To a degree the projected job destruction that is becoming the majority opinion scenario is based on a 2013 paper by Frey and Osborne that analyzed current jobs and concluded that 47% of them are at risk in the short term.  The controversy revolves around whether new job categories will arise to employ the displaced workers.  Marshall Brain, in 'Robotic Nation' probably most succinctly stated the neo-luddite position, 'This imaginary new category of employment does not hinge on technology -- it is going to employ people, after all, in massive numbers -- it is going to employ half of today's working population. Why don't we see any evidence of this new category of jobs today?'.

This expresses the fundamental error of the Luddite Fallacy. If half the jobs disappear and the GDP remains constant, it is true that the unemployment rate will increase to over 50%.  However, if the GDP doubles, the unemployment rate will remain unchanged.  This will happen without any fundamentally new job categories. Twice as many people will be doing the remaining 50% of the jobs.  Rather than 50% unemployment, we will see a doubling of standards of living. However, Brain is also incorrect about new job categories. Over time new job categories will emerge.

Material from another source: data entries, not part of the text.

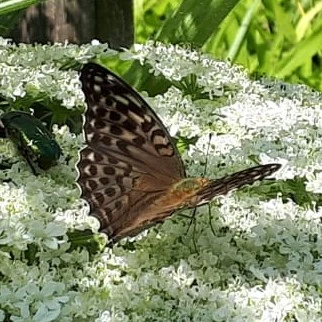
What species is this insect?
Argynnis paphia
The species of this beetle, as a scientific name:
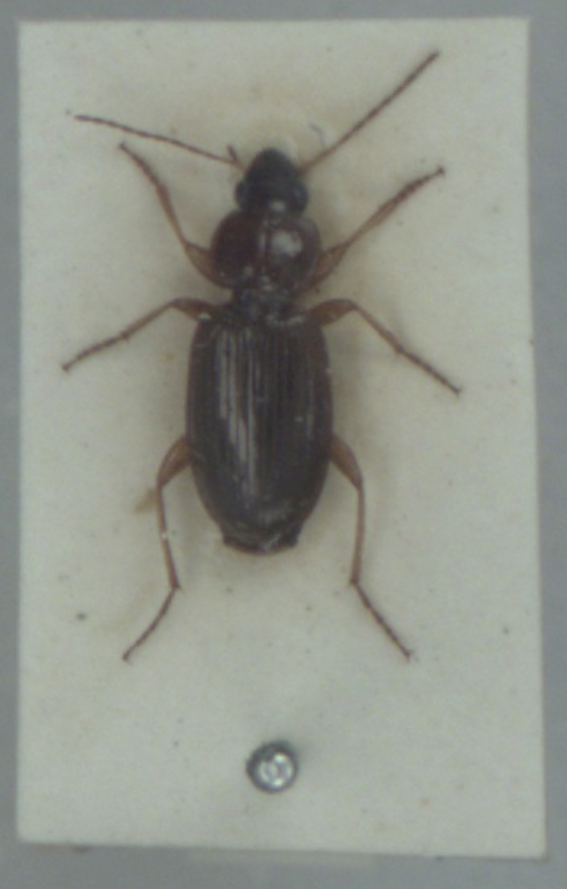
Olisthopus rotundatus
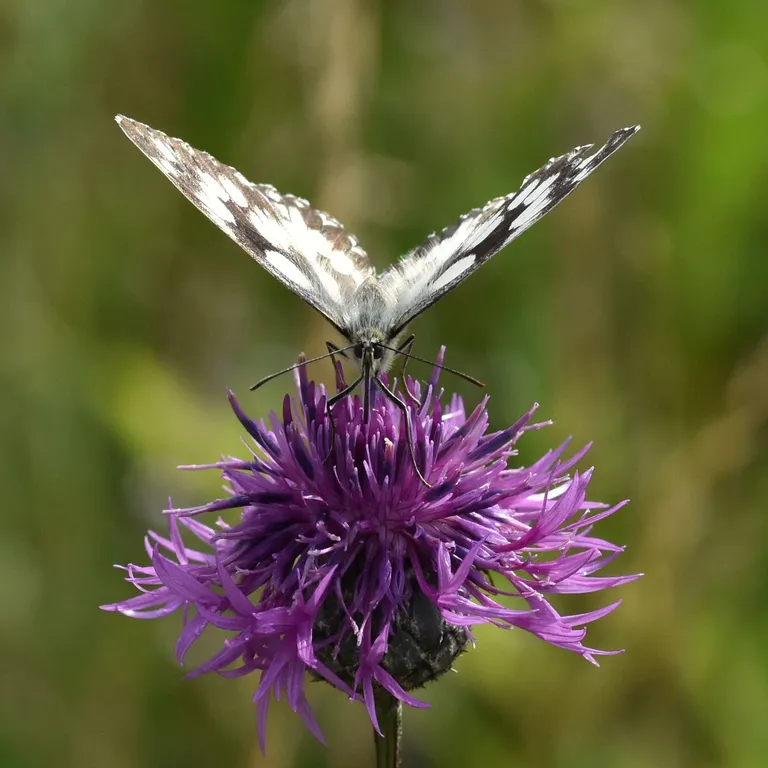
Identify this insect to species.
Melanargia galathea
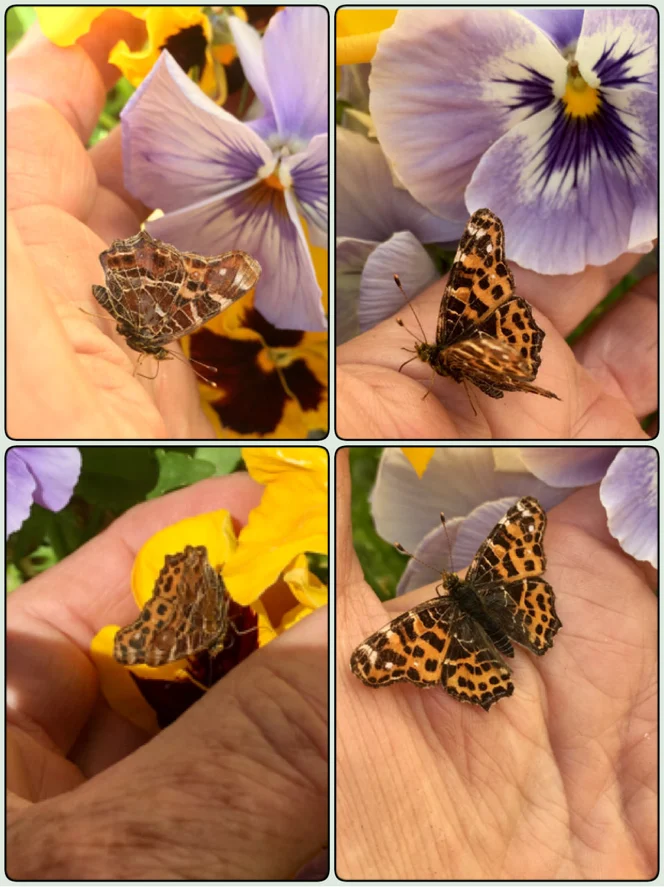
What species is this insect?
Araschnia levana
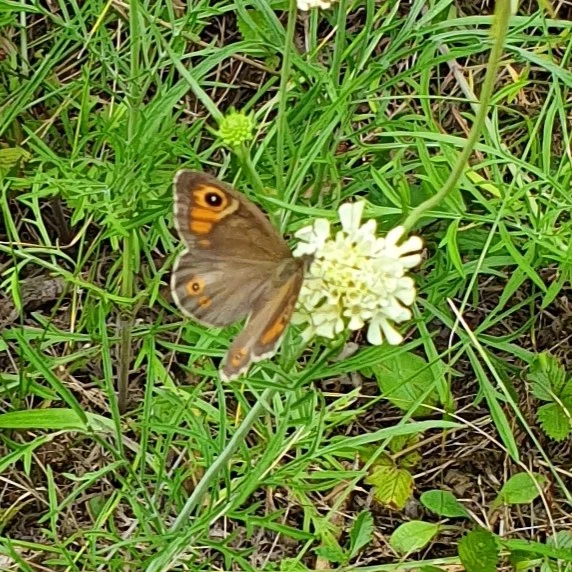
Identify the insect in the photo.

Between 1875 and 2000, the high industrial age, initiated by a explosion of higher technology inventions in the last few decades of the 19th Century, U.S. Real GDP per capita increased from $3,339.20 to $44,475.00 (2009USD).  This 13.3X increase in productivity was caused by automation and demonstrates that, in practice, automation doesn't result in massive unemployment but rather in GDP growth. Put simply, the historical evidence says that technological unemployment cures itself by increasing GDP and it can easily handle a 50% loss in jobs.

This is not just a theoretical exercise.   In fact, in a sense,, all current unemployment is technological unemployment.  We can demonstrate this with a simple set of calculations.  In 2013 in the U.S. 143.929 million workers created $15,710.3 billion of GDP for an average of $109,155 each.  There were 10.376 million unemployed for a labor force of 155.044 million.  In 2007 146.047 million workers created $14,873.7 billion of GDP for an average of $101,328.  If the GDP of 2013 was created with the GDP per worker of 2007, it would require 155.044 million workers or precisely the total labor force. ($15,710.3 billion÷$101,328)  In other words, all the unemployment of 2013 can be thought of as resulting from the increase in GDP per worker from 2007 to 2013.

Because over this time period GDP grew at 0.91% per year and GDP per worker grew at 1.25% per year, unemployment grew from 5% to 6.7%.  If GDP per worker had grown at 3% per year from 2007 to 2013 and GDP grew at the same 0.91%, unemployment would be 16.2%.  Over subsequent years GDP would grow more quickly, and lower unemployment. However, that would be scant solace to the unemployed workers of 2013.  This describes precisely what Keynes meant when he talked about growing too quickly.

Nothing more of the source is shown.